There's another point: The silent assumption of the big-O criterion is that we
are interested in (A) something _fundamental_ about algorithms, just the
algorithms, and not (B) actual running time of actual code on actual data on
actual computers.

And big progress in algorithms is also important and, as we know, in some
cases can give much better performance gains in real computing than anything a
programmer can do without the big progress.

And we have a great example: There were days before heap sort, shell sort,
quicksort when the in place sorting algorithm people coded were bubble sort or
something closely related and also O(n^2). Then in practice, the difference
was just huge.

Early in my career, I ran into that at Georgetown University: A prof had coded
up some software for teaching statistics and had used the IBM Scientific
Subroutine Package (SSP) for a most of the actual calculations. One of the SSP
routines was to find _ranks_ , and it had two loops, each essentially bubble
sort. In testing, the thing ran all lunch time.

Well, the data to be ranked was 32 bit integers, and an array index was a 16
bit integer. So, I was able to do a tricky overlay of two 16 bit integers on
the 32 bit data, use heap sort, and get O( n ln(n) ). In actually running time
on nearly any possible real data, my code as so much faster than IBM's SSP
that I _blew the doors off_ the SSP.

Lesson 1: O( n ln(n) ) instead of O( n^2 ) can be much better in practice.

Lesson 2: Progress in big-O in algorithms can be terrific stuff.

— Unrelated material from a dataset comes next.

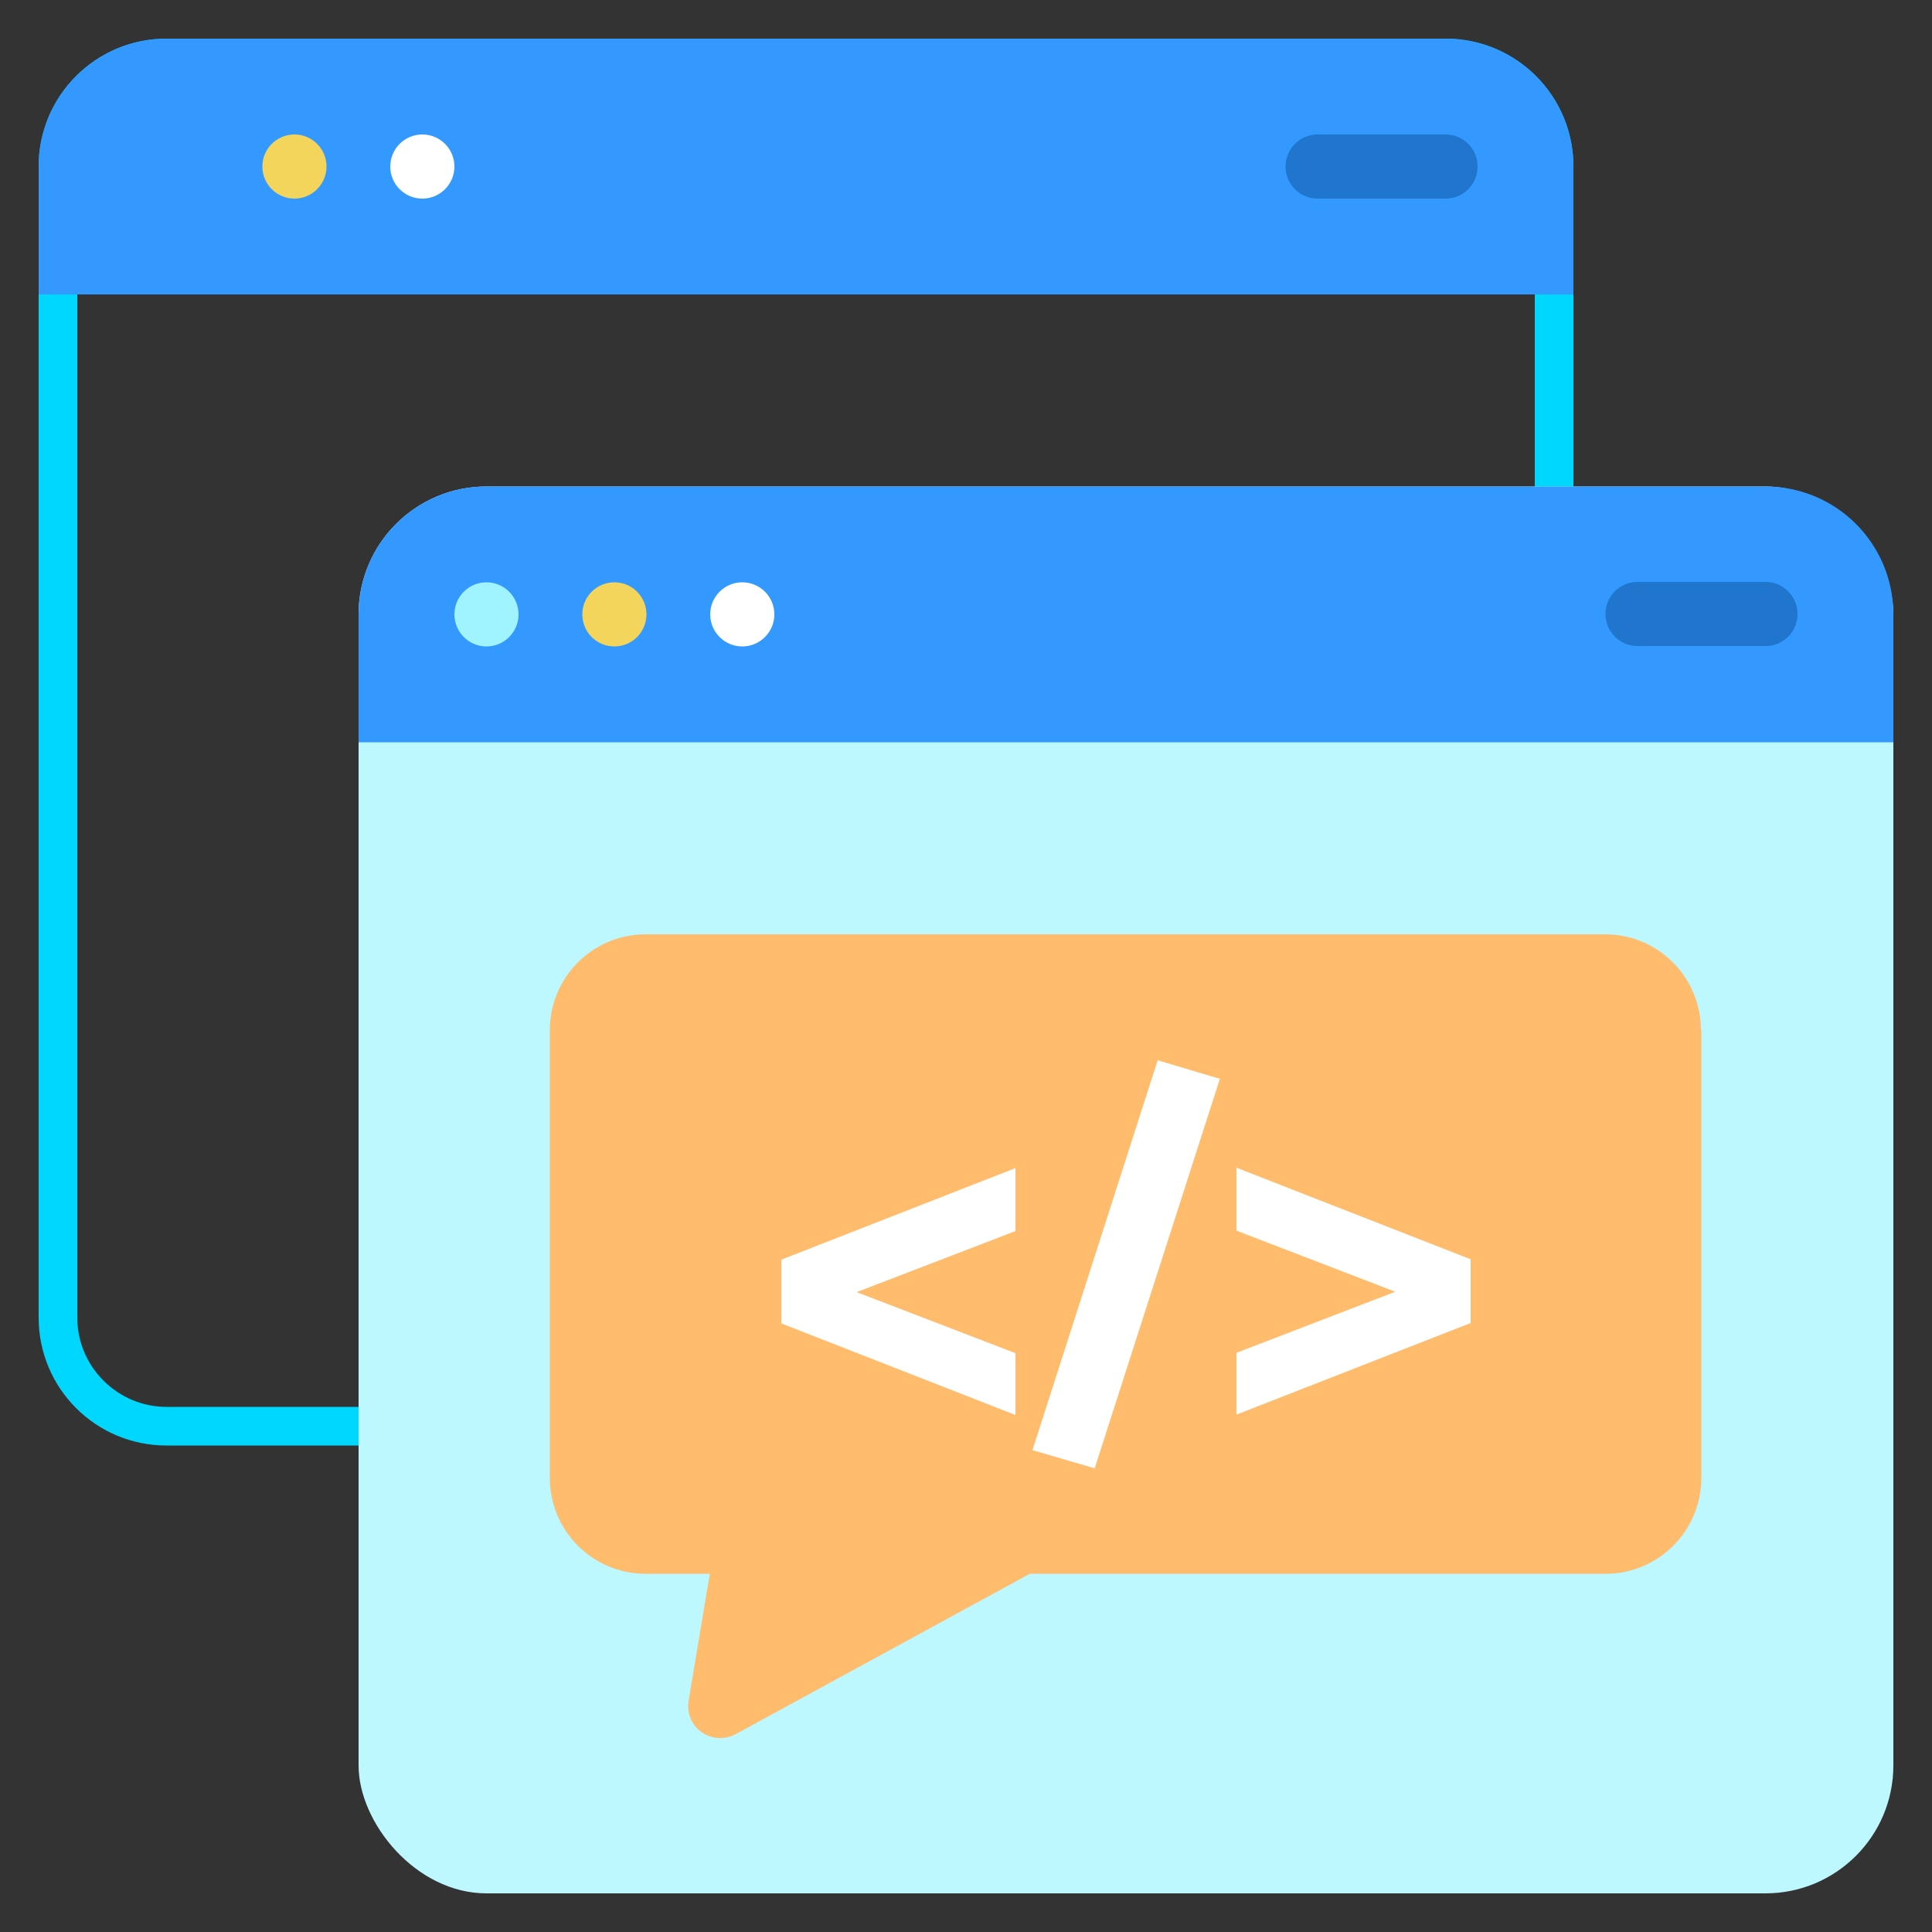 <svg xmlns="http://www.w3.org/2000/svg" id="Layer_1" viewBox="0 0 50 50"><rect x="0" y="0" width="50" height="50" fill="#333333" stroke="none"/><defs><style>.cls-1{fill:#39f;}.cls-1,.cls-2,.cls-3,.cls-4,.cls-5,.cls-6,.cls-7,.cls-8{stroke-width:0px;}.cls-1,.cls-2,.cls-8{fill-rule:evenodd;}.cls-2{fill:#1f76cc;}.cls-3{fill:#9ff4ff;}.cls-4{fill:#00d7ff;}.cls-5{fill:#fff;}.cls-6{fill:#bdf7ff;}.cls-7{fill:#f3d55b;}.cls-8{fill:#ffbc6c;}</style></defs><g id="Page-1"><g id="_022---Browser-Translation"><g id="Rectangle"><path class="cls-4" d="m37.41,2c1.27,0,2.31,1.04,2.31,2.31v29.79c0,1.27-1.04,2.31-2.31,2.31H4.31c-1.27,0-2.31-1.04-2.31-2.31V4.31c0-1.27,1.04-2.31,2.31-2.31h33.1m0-1H4.31c-1.83,0-3.31,1.48-3.31,3.31v29.79c0,1.83,1.48,3.31,3.31,3.31h33.1c1.83,0,3.31-1.48,3.31-3.31V4.31c0-1.83-1.48-3.31-3.31-3.31h0Z"></path></g><path id="Path" class="cls-1" d="m40.72,4.31v3.31H1v-3.31c0-1.83,1.48-3.31,3.31-3.31h33.1c1.83,0,3.31,1.48,3.31,3.31Z"></path><circle id="Oval" class="cls-7" cx="7.62" cy="4.31" r=".83"></circle><circle id="Oval-2" class="cls-5" cx="10.93" cy="4.31" r=".83"></circle><path id="Path-2" class="cls-2" d="m37.41,5.14h-3.31c-.46,0-.83-.37-.83-.83s.37-.83.83-.83h3.31c.46,0,.83.37.83.83s-.37.83-.83.83Z"></path><g id="Rectangle-2"><rect class="cls-6" x="9.28" y="12.59" width="39.72" height="36.41" rx="3.31" ry="3.31"></rect></g><path id="Path-3" class="cls-1" d="m49,15.9v3.31H9.28v-3.31c0-1.83,1.48-3.31,3.31-3.31h33.1c1.83,0,3.31,1.48,3.31,3.31Z"></path><circle id="Oval-3" class="cls-3" cx="12.59" cy="15.9" r=".83"></circle><circle id="Oval-4" class="cls-7" cx="15.9" cy="15.9" r=".83"></circle><circle id="Oval-5" class="cls-5" cx="19.21" cy="15.9" r=".83"></circle><path id="Path-4" class="cls-2" d="m45.69,16.72h-3.31c-.46,0-.83-.37-.83-.83s.37-.83.83-.83h3.31c.46,0,.83.37.83.83s-.37.83-.83.83Z"></path><path id="Path-5" class="cls-8" d="m44.03,26.66v11.59c0,1.37-1.11,2.48-2.48,2.48h-14.9l-7.61,4.15c-.28.15-.62.13-.88-.05s-.39-.5-.34-.81l.55-3.29h-1.66c-1.37,0-2.48-1.11-2.48-2.48v-11.59c0-1.37,1.11-2.48,2.48-2.48h24.83c1.37,0,2.48,1.11,2.48,2.48Z"></path></g></g><path class="cls-5" d="m26.28,36.62l-6.06-2.37v-1.65l6.06-2.37v1.63l-4.11,1.58,4.11,1.58v1.61Z"></path><path class="cls-5" d="m28.33,38l-1.61-.47,3.24-10.09,1.61.48-3.24,10.08Z"></path><path class="cls-5" d="m32,36.62v-1.61l4.11-1.58-4.11-1.58v-1.63l6.06,2.37v1.65l-6.06,2.37Z"></path></svg>

Back to practice, early in writing the software for my startup, I tried to
write a polymorphic version of heap sort. I wrote in Microsoft's Visual Basic
.NET. For the data type to be sorted, I passed just the type _object_. The
software ran correctly right away. Then I did some careful timings -- the
software commonly ran ballpark 10 times longer than I would have guessed. What
the heck? Well, the run time was smart enough to figure out the actual data
type and do the comparison, but the overhead here was enormous. Then I learned
that for _polymorphic_ code I was supposed to write some _interfaces_ , one
for each data type to be sorted, and for sorting a particular data type pass
the corresponding interface. Okay. My confusion was that that use of an
_interface_ didn't sound _polymorphic_ to me and sounded no different than
what I'd long done passing _entry variables_ in PL/I and Fortran. Okay, for
polymorphism, use _interfaces_. And in the code of the interface, have to work
essentially without _strong typing_ , essentially with untyped pointers. Okay
-- been there, done that, in both PL/I and Fortran; I was surprised that a
serious _object oriented_ language with _polymorphism_ would have essentially
just syntactic sugar over what I'd been doing in PL/I and Fortran. Okay.
Lesson learned: There are cases of hype in parts of programming languages.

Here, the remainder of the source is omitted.